┌─ RECORDS FOR THIS EXERCISE
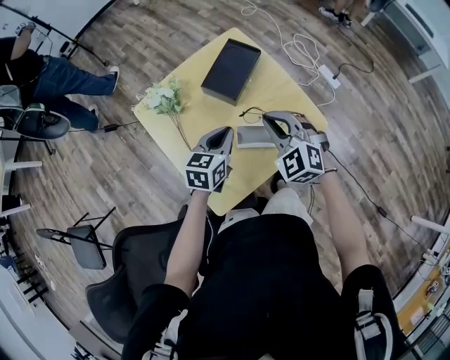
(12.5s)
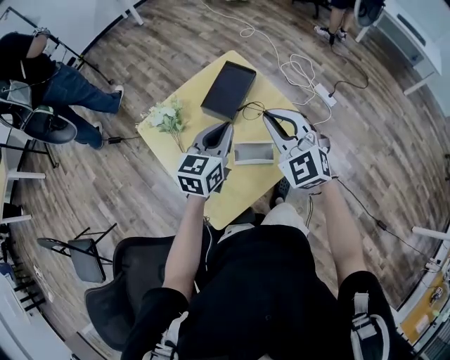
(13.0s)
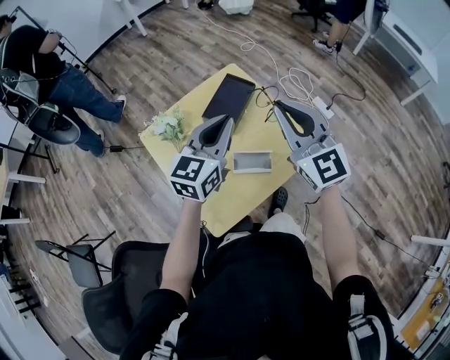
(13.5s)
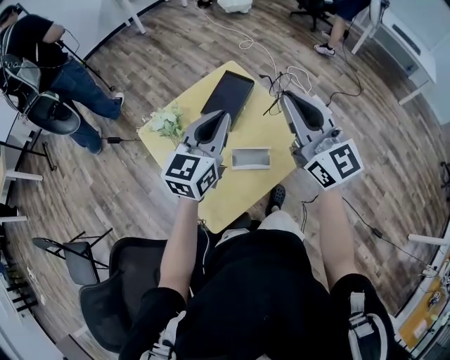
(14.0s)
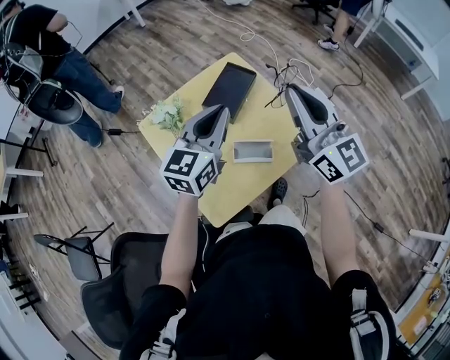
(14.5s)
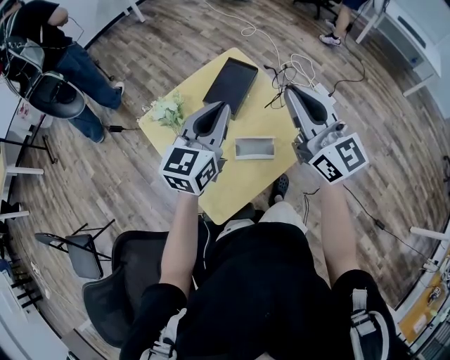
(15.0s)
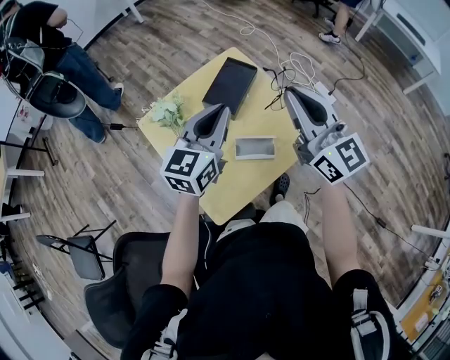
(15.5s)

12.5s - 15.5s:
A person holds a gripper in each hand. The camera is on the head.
12.5s - 14.0s: The two grippers go roughly 25 cm upward. The left gripper swivels some 30 degrees. Meanwhile the right gripper tips its fingers upward by about 40 degrees.
14.0s - 15.5s: The grippers stay close to where they were, moving slightly.
└─
• **BRIEF**:
Exclude images. Return the data above verbatim.

• **SOLUTION**:
(12.5s)
(13.0s)
(13.5s)
(14.0s)
(14.5s)
(15.0s)
(15.5s)

12.5s - 15.5s:
A person holds a gripper in each hand. The camera is on the head.
12.5s - 14.0s: The two grippers go roughly 25 cm upward. The left gripper swivels some 30 degrees. Meanwhile the right gripper tips its fingers upward by about 40 degrees.
14.0s - 15.5s: The grippers stay close to where they were, moving slightly.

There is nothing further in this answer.